[Stored items]
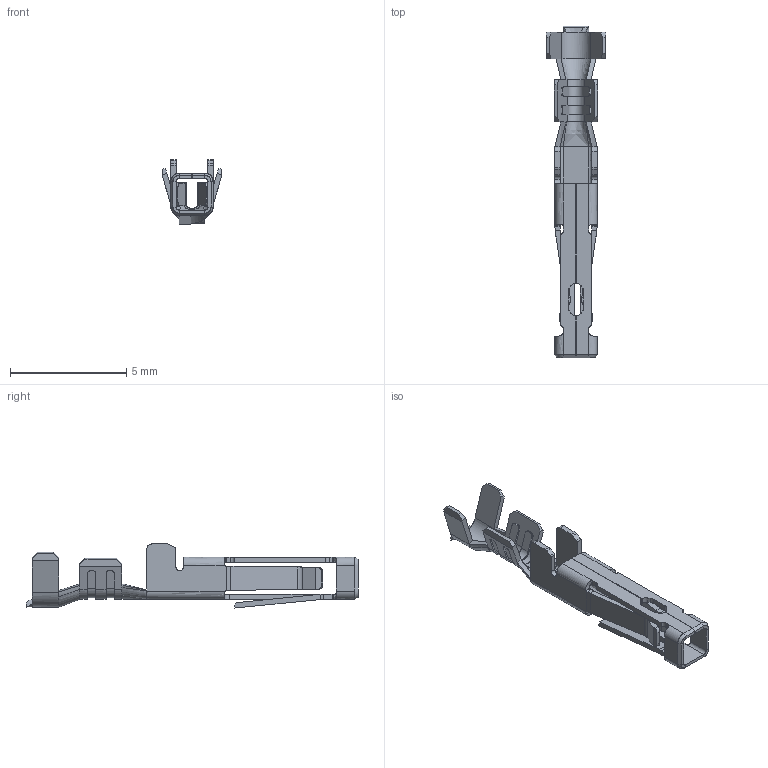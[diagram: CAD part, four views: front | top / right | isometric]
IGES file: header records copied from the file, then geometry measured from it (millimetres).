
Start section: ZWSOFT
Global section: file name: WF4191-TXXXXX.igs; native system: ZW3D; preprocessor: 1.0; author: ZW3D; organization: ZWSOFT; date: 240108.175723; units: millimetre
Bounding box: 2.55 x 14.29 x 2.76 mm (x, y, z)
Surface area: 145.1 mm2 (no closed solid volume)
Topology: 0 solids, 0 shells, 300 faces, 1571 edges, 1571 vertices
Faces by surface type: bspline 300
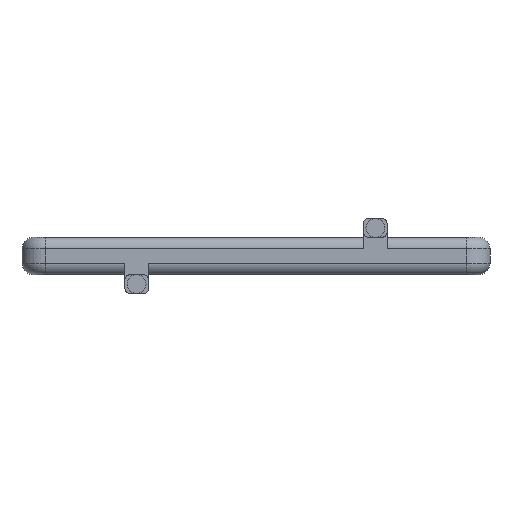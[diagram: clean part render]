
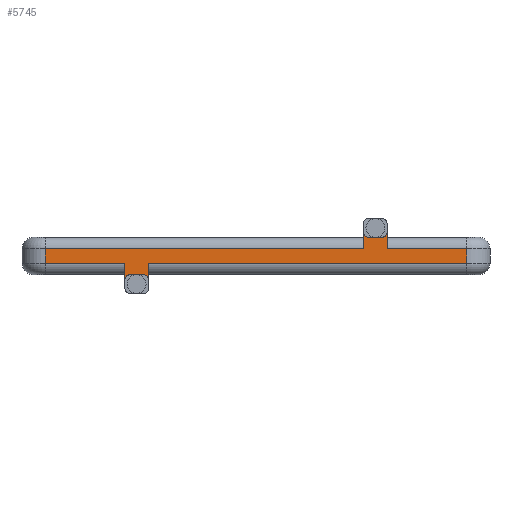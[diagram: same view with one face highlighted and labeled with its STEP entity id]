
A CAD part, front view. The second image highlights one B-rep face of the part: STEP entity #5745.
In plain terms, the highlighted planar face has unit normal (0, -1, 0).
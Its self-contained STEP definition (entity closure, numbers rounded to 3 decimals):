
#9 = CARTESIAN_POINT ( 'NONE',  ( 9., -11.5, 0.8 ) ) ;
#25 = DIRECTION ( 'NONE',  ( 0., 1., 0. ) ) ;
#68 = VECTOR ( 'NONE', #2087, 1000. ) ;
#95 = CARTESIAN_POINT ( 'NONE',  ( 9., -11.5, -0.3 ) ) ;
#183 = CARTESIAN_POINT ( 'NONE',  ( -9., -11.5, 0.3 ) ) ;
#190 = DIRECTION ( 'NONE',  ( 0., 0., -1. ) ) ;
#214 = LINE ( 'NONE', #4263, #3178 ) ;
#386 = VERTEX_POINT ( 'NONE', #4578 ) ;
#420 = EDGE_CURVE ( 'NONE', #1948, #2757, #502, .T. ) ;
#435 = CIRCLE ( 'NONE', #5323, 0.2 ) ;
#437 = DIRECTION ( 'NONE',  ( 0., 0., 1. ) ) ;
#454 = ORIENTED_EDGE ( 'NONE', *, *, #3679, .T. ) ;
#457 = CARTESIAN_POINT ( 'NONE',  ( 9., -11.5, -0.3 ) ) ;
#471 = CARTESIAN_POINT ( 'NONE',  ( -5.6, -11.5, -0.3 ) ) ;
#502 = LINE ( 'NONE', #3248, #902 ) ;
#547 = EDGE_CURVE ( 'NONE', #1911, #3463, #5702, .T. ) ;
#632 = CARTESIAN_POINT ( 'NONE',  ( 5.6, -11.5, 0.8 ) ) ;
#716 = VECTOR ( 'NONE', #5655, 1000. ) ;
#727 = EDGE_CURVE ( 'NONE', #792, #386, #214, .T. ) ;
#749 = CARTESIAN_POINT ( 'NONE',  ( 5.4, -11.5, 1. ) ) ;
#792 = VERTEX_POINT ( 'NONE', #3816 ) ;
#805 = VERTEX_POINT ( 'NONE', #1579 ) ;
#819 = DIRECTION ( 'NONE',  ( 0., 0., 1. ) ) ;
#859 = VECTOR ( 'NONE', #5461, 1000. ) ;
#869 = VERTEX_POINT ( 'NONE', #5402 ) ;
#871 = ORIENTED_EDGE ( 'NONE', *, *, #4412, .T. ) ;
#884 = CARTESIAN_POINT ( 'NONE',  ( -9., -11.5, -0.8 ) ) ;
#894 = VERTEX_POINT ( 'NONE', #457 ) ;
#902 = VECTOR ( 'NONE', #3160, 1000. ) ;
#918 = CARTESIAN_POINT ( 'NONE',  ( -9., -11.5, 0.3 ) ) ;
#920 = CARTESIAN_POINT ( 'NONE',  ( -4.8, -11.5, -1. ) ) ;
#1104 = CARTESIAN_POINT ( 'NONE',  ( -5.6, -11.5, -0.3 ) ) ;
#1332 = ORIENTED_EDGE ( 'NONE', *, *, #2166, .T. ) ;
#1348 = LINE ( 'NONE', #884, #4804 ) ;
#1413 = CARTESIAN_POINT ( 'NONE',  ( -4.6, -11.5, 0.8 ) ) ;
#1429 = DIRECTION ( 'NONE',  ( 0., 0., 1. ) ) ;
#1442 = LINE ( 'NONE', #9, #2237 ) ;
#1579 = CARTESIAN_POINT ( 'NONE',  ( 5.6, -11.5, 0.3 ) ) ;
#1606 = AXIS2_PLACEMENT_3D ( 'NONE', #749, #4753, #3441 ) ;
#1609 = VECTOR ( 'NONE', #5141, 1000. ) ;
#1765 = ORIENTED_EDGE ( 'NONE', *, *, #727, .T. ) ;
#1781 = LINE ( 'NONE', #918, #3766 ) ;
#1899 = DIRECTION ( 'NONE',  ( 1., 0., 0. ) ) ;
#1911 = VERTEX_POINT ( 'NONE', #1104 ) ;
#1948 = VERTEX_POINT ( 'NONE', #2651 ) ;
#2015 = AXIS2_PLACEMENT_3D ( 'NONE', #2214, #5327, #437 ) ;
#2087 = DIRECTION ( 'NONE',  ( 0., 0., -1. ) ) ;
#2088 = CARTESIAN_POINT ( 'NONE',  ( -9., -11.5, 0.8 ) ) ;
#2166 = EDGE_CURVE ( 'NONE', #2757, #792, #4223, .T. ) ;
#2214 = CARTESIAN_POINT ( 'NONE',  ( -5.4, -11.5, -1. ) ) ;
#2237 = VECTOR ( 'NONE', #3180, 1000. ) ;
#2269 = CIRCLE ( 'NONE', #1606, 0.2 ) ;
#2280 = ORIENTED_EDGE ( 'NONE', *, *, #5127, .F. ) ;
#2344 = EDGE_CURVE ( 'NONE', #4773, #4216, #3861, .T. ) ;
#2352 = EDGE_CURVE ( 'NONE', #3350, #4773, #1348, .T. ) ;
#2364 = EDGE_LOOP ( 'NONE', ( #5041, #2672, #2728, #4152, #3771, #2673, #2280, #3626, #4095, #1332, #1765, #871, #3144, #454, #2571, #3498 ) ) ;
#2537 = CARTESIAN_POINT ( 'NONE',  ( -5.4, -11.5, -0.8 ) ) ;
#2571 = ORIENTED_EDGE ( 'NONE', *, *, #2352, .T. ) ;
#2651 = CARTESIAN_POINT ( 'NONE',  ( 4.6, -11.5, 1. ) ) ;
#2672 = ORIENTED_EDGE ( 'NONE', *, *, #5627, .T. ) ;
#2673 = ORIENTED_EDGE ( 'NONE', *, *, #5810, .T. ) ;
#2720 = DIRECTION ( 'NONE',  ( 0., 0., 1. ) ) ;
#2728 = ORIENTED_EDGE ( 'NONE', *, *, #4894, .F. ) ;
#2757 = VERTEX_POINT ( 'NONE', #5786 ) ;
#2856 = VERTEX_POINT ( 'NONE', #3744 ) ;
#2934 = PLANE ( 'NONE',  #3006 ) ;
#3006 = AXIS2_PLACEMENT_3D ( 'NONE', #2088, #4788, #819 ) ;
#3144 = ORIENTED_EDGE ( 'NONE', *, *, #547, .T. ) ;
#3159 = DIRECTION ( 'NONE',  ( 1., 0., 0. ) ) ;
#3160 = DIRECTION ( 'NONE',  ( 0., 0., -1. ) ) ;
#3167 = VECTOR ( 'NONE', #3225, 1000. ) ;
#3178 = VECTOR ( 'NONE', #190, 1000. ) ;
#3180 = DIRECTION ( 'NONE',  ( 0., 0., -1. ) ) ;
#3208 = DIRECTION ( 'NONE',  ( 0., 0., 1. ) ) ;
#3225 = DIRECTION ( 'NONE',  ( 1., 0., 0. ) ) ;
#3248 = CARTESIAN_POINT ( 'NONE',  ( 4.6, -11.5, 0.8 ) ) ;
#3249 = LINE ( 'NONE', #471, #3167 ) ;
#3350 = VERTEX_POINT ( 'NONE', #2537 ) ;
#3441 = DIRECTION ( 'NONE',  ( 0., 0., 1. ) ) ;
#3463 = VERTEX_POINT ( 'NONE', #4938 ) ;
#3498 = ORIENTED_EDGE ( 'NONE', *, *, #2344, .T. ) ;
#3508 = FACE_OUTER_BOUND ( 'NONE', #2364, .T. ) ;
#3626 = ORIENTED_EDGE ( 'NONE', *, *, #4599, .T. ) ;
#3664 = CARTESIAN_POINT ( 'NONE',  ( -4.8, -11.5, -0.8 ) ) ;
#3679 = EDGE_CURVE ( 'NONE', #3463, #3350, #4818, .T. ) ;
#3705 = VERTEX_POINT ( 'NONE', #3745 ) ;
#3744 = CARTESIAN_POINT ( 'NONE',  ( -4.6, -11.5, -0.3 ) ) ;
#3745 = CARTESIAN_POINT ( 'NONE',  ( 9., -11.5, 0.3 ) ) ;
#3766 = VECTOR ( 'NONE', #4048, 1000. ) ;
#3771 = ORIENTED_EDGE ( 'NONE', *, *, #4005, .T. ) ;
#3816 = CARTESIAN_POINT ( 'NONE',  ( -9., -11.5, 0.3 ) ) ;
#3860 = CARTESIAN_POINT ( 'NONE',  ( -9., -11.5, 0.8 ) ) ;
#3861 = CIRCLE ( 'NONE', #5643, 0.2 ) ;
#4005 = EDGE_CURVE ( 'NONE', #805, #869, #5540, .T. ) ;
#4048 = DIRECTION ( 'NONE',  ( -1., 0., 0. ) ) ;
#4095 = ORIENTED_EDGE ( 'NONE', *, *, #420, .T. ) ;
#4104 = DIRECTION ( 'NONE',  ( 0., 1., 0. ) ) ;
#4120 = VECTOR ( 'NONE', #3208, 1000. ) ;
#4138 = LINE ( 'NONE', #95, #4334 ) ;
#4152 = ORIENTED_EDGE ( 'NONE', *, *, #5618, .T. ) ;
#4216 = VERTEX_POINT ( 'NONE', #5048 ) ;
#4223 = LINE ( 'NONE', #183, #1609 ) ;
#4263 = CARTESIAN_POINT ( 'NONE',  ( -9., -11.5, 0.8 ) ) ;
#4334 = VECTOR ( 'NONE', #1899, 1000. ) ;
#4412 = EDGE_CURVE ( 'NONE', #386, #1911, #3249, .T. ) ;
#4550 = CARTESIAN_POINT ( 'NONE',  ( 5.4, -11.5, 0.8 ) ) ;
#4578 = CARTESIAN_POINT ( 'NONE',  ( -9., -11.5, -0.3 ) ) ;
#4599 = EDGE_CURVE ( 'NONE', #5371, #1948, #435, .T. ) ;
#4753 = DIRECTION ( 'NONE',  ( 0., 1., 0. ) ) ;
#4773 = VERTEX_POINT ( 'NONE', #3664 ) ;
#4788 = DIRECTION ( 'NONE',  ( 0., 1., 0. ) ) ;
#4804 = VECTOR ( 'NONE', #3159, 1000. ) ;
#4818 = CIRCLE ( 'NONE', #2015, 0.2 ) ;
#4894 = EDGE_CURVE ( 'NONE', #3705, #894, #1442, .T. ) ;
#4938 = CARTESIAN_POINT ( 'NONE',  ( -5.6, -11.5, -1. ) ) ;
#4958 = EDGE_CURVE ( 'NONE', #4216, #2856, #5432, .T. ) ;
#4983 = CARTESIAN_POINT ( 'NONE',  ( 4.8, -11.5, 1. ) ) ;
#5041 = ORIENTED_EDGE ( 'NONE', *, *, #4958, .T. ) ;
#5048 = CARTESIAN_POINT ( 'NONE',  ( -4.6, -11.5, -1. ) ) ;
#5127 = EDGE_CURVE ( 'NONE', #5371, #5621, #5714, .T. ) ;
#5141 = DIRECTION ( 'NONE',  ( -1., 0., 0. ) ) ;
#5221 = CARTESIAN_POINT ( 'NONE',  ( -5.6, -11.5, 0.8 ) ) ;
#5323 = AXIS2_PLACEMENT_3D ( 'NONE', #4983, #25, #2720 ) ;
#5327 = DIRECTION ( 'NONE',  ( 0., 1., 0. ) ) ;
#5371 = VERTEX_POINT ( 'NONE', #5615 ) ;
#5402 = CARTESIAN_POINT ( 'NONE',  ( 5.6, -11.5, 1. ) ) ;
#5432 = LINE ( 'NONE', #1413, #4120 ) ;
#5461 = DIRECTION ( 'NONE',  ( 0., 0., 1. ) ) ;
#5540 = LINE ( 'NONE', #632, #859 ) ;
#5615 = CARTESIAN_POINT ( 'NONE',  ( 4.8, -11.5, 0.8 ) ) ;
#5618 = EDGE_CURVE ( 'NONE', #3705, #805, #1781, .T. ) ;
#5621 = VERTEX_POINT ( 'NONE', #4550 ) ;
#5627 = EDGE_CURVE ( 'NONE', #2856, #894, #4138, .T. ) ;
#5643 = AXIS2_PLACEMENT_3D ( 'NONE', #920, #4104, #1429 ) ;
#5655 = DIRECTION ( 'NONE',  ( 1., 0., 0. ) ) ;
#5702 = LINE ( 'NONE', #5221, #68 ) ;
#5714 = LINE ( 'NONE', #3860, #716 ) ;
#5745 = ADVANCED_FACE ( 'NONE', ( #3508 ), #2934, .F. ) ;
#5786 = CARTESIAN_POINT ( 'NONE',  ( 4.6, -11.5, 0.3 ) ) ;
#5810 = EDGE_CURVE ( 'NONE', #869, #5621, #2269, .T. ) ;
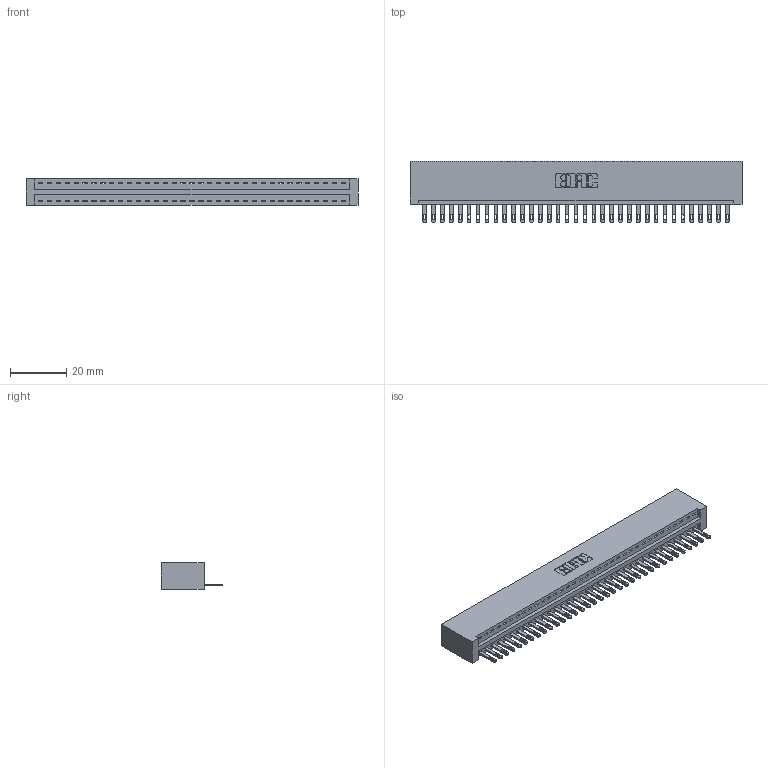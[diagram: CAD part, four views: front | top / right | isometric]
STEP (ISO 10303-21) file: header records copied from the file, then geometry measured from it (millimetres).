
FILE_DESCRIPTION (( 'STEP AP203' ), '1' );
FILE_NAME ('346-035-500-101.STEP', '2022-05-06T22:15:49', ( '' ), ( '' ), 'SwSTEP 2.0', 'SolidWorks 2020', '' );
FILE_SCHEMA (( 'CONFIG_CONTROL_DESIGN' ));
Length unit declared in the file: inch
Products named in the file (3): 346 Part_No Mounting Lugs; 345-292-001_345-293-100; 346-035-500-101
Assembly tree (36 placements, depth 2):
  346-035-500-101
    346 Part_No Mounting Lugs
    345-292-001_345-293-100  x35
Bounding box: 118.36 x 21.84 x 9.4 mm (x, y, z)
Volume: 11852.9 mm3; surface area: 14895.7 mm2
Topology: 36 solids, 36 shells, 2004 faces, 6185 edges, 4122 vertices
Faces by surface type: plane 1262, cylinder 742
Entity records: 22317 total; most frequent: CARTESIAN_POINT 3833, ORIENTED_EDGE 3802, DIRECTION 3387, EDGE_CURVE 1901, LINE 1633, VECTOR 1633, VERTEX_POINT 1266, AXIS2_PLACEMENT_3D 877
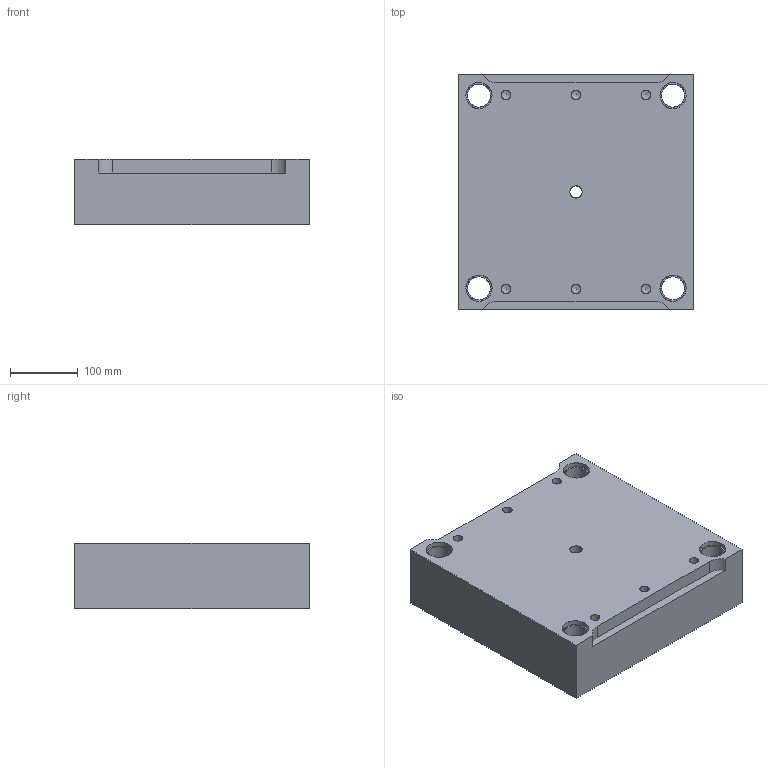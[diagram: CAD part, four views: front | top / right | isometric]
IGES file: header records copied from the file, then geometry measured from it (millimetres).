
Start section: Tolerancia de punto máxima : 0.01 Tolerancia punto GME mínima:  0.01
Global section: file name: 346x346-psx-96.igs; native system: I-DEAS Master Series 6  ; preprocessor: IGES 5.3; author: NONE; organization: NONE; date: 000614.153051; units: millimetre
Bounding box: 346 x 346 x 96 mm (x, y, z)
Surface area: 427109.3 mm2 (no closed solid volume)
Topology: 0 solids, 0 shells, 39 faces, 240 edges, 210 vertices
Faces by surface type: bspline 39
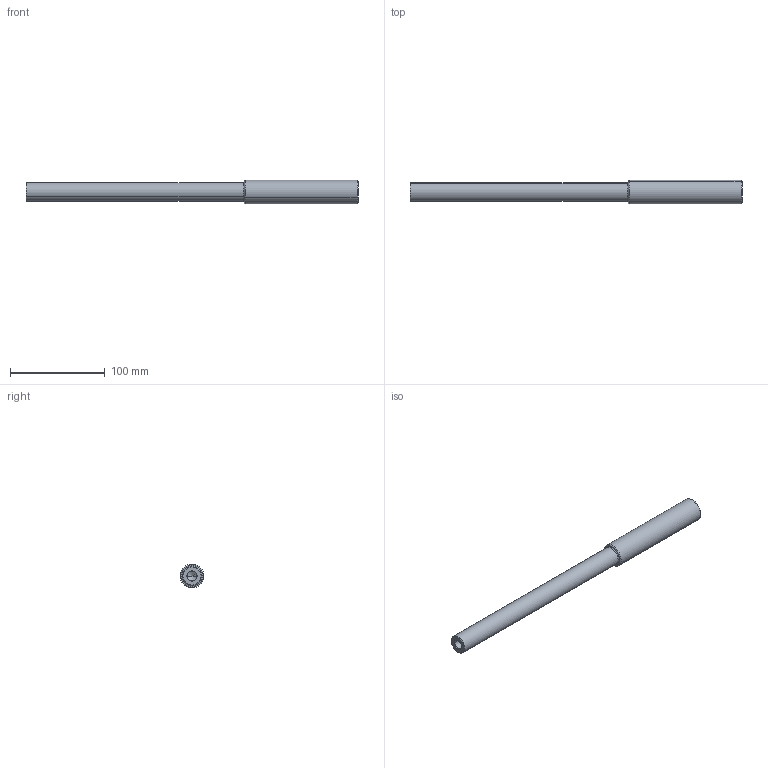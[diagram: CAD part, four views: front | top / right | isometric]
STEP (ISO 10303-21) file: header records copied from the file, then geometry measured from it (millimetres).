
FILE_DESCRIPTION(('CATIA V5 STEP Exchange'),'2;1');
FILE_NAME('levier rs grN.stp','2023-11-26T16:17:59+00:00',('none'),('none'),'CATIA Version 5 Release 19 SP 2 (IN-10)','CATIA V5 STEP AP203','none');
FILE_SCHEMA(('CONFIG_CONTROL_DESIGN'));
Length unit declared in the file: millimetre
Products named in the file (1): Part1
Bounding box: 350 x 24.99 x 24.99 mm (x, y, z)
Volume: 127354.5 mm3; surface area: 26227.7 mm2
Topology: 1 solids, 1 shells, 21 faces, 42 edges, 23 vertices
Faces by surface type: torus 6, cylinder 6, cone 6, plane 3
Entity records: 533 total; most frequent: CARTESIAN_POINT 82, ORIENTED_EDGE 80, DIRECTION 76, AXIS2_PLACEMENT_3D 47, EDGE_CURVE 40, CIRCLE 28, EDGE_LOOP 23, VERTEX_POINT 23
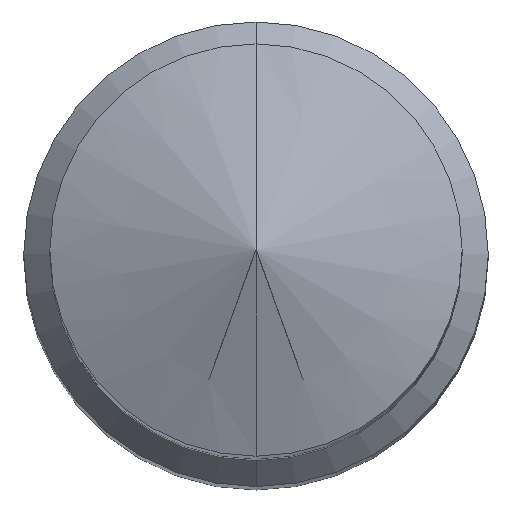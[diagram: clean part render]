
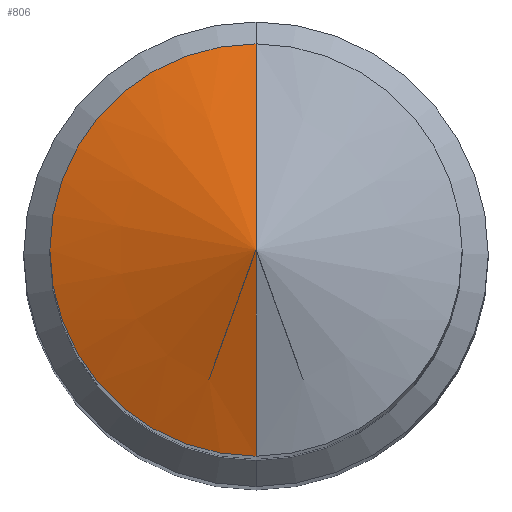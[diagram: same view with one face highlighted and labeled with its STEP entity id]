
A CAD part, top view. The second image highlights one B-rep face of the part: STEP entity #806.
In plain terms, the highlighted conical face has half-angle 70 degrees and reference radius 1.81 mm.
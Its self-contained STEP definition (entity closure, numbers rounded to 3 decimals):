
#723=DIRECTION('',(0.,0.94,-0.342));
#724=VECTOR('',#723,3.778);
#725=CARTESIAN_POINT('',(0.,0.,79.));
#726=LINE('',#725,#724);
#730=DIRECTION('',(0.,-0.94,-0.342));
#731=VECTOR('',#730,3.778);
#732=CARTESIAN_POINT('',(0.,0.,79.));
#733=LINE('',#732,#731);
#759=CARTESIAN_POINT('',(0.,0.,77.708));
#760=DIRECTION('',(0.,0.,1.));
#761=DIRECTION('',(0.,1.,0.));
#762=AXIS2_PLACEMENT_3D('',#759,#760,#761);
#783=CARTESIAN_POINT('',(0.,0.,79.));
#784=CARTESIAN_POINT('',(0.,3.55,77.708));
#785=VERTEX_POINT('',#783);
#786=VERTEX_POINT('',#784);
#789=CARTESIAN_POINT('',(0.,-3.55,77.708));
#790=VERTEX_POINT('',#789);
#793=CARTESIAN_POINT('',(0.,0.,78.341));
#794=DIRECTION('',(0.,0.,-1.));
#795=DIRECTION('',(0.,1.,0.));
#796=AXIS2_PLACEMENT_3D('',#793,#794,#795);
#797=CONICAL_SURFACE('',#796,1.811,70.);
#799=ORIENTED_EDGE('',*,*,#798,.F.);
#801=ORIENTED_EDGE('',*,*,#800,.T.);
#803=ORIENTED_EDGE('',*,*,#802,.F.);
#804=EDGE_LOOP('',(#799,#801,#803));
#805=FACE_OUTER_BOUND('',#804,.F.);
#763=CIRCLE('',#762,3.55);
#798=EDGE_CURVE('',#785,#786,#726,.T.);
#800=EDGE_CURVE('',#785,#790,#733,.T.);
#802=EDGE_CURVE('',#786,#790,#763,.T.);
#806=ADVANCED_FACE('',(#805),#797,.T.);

TASK GOAL:
Retype only the lines above from the one with "Entity records: 533" through the one with "A CAD part, top", exactly and with both ends. Images stay out.

EXERCISE OUTPUT:
Entity records: 533 total; most frequent: CARTESIAN_POINT 82, ORIENTED_EDGE 80, DIRECTION 76, AXIS2_PLACEMENT_3D 47, EDGE_CURVE 40, CIRCLE 28, EDGE_LOOP 23, VERTEX_POINT 23
[diagram: clean part render]
[diagram: same view with one face highlighted and labeled with its STEP entity id]
A CAD part, top view. The second image highlights one B-rep face of the part: STEP entity #806.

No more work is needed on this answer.